Purpose: The purpose of this prospective study was to assess the value of biventricular extracellular volume (ECV) in pre-capillary pulmonary hypertension (PH) obtained using cardiac magnetic resonance imaging (CMR) and to correlate ECV with markers of prognosis such as strain echocardiography and blood biomarkers of fibrosis. Materials and methods: Twelve patients with PH (6 men, 6 women; mean age = 50 +/- 16 [SD] years; age range: 22-73 years) underwent the same day: (i), transthoracic echocardiography including measurement of right ventricular (RV) fractional shortening (RVfs), tricuspid annular plane systolic excursion (TAPSE), maximal tricuspid annular velocity, RV global and segmental deformation; (ii), right heart catheterization measuring pulmonary arterial pressures (in mmHg) and cardiac output (in L/min); (iii), CMR at 1.5-T measuring RV volumes and ejection fraction; (iv), native and 15 min post-contrast T1 mapping using modified look-locker inversion-recovery sequence; and (v), serum quantification of two biomarkers of collagen turnover and hematocrit. Non-parametric Mann-Whitney tests were used to search for differences between categorical variables. Spearman correlation test was used for search for correlation between quantitative values.
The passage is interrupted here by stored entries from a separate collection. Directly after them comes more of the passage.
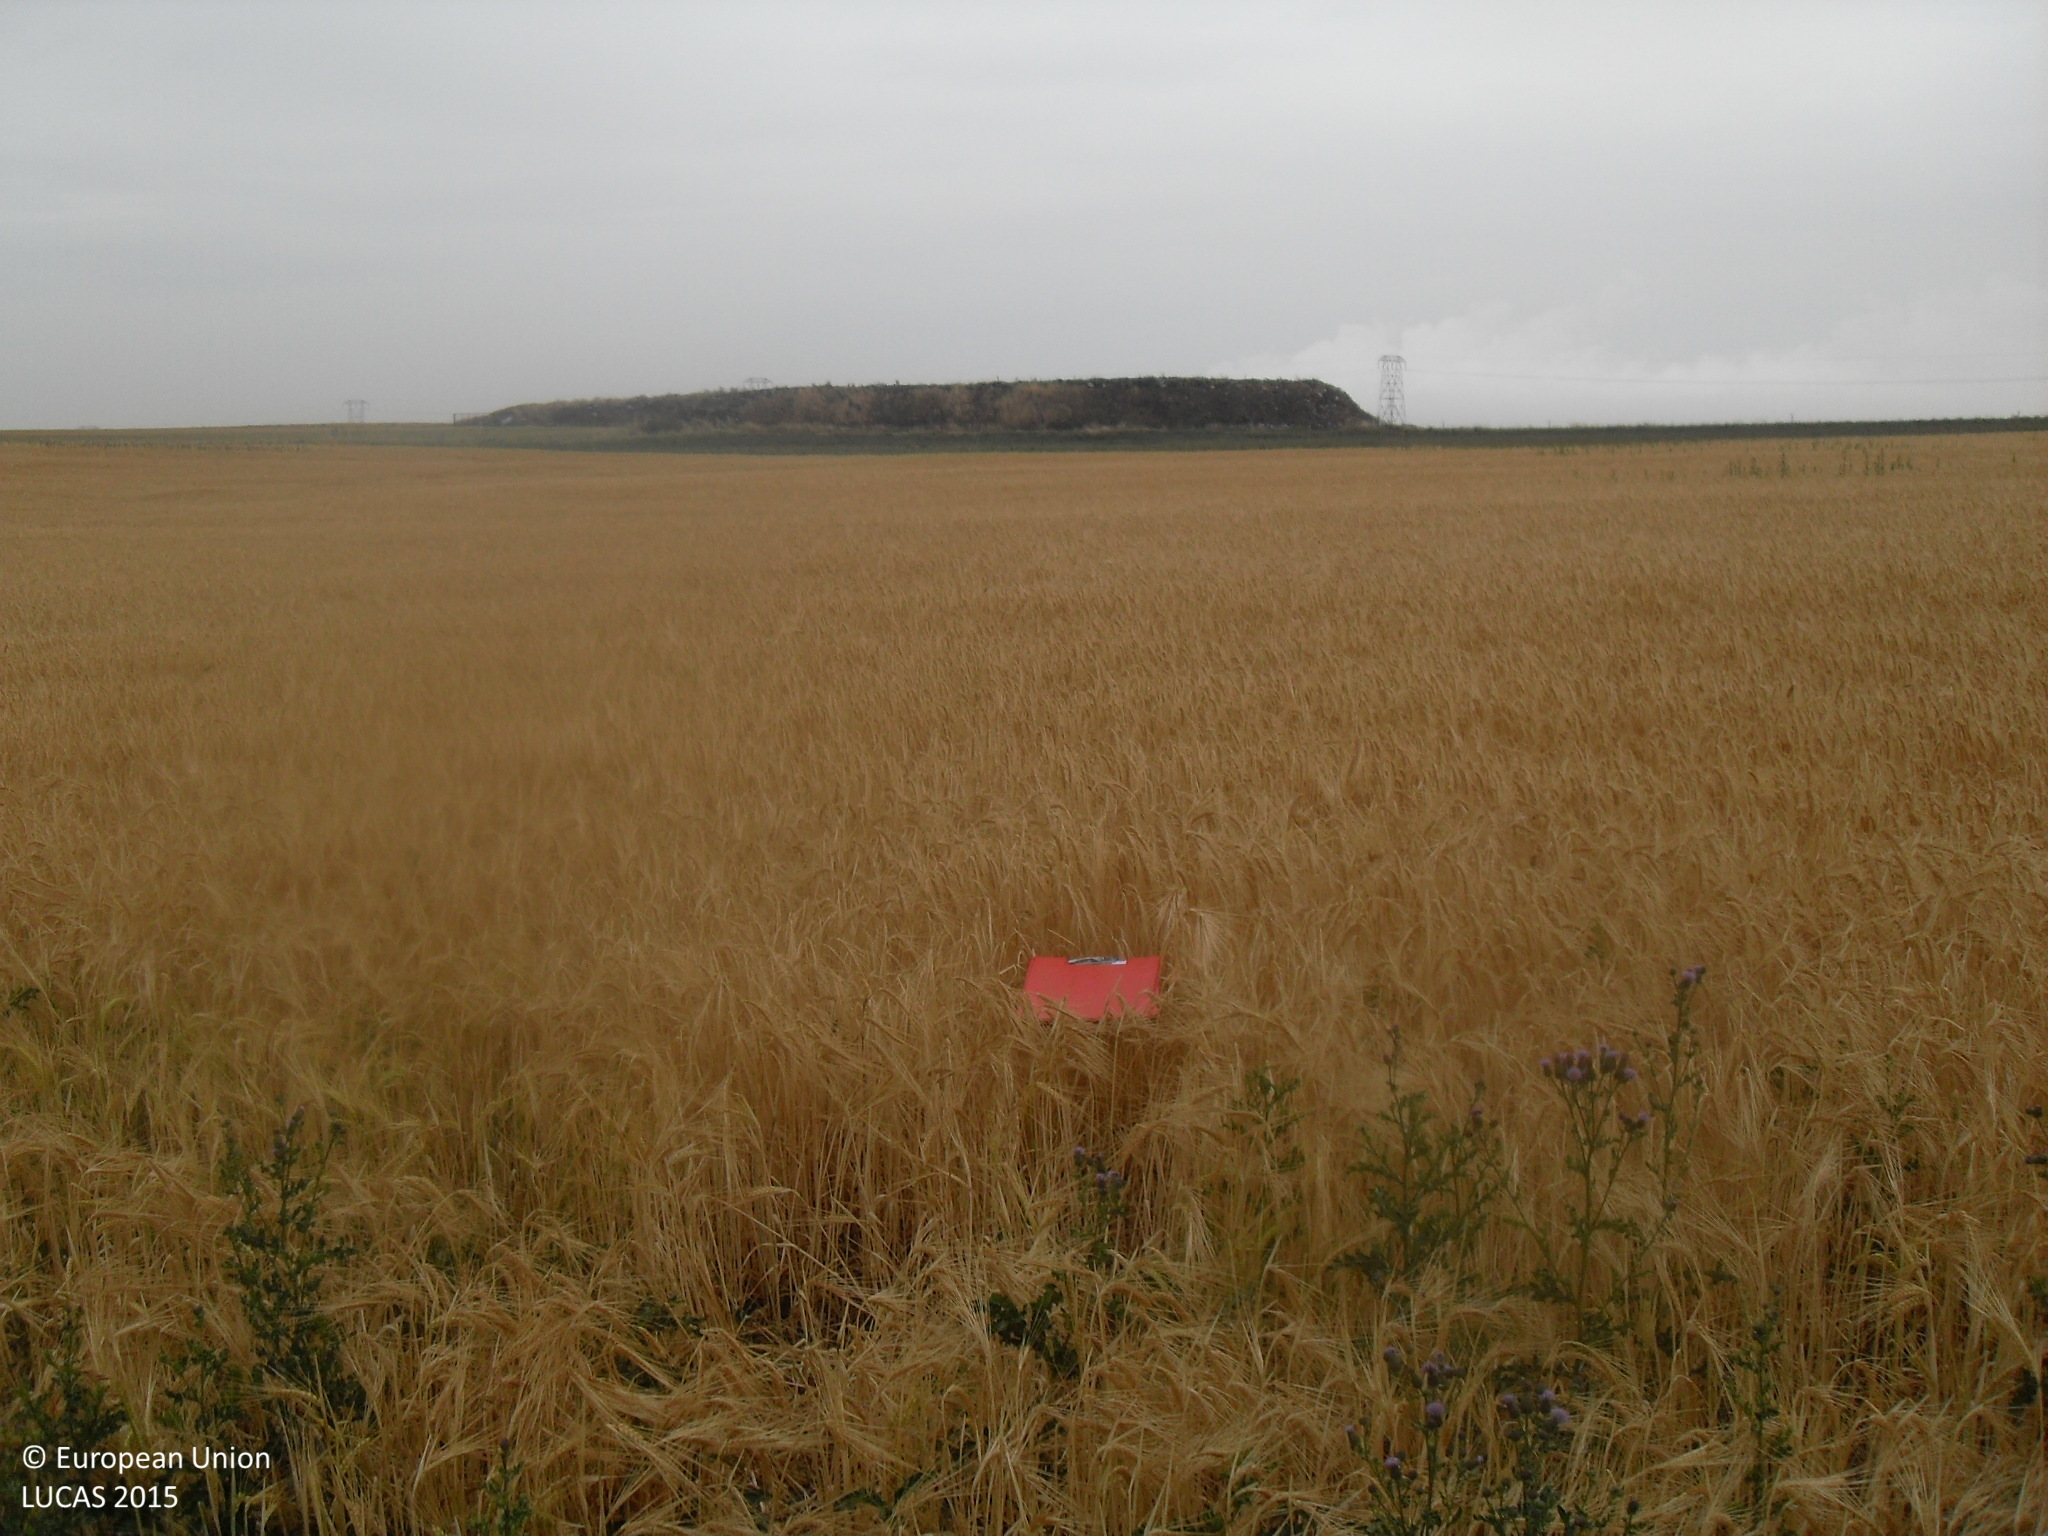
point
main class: Cropland
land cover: Barley
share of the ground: > 75 %
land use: Agriculture (excluding fallow land and kitchen gardens)
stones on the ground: < 10 %
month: June
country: ES
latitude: 41.1061
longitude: -5.7149
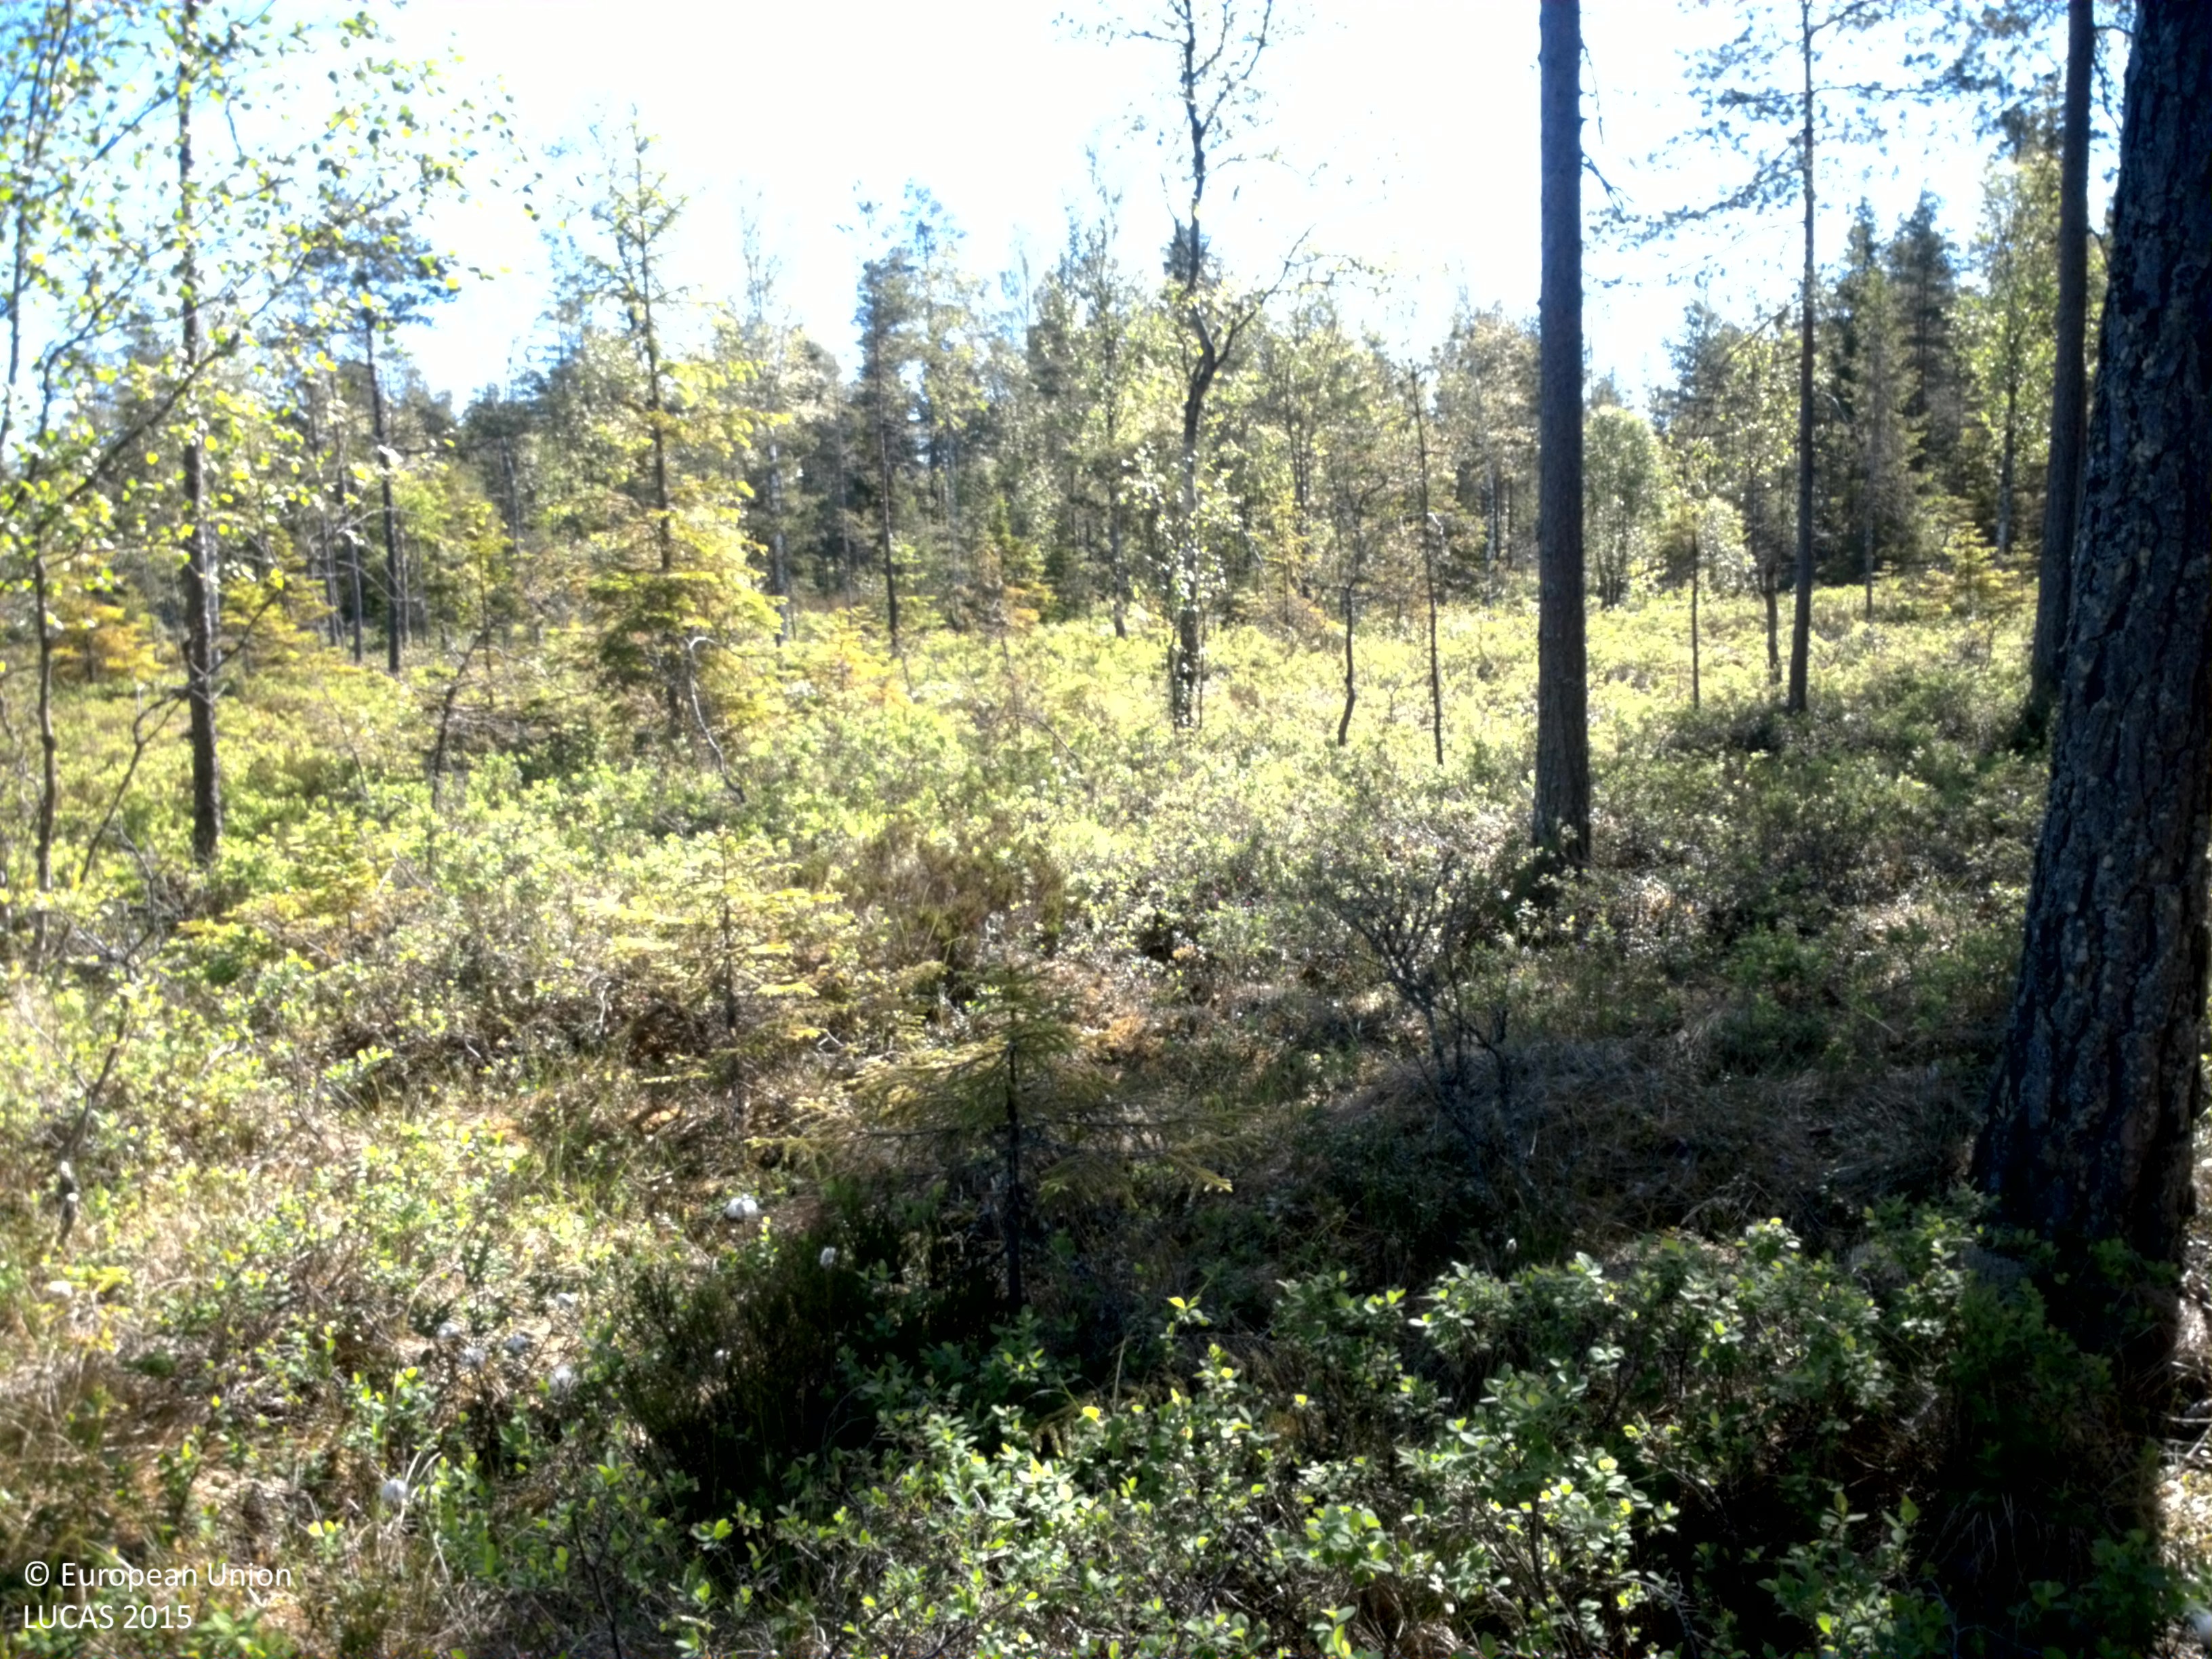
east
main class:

Results: Global RV ECV was 34% +/- 4.2 (SD) for our entire population. A significant correlation was found between RV ECV and RVfs (r =0.6; P= 0.026), S wave velocity (r =0.7; P= 0.009), TAPSE (r =0.6; P=0.040) and RV systolic ejection fraction on CMR (r= 0.6; P=0.04). There were no correlations between the ECV values in the lateral wall of the RV and in the septum (r= 0.4; P=0.206). A significant correlation was found between septal ECV and 2D septal strain (r= 0.7; P=0.013). Conclusion: ECV in PH as obtained using CMR appears to correlate with known echocardiographic prognostic markers and more specifically with the markers, which assess RV systolic function. (C) 2019 Societe francaise de radiologie. Published by Elsevier Masson SAS. All rights reserved.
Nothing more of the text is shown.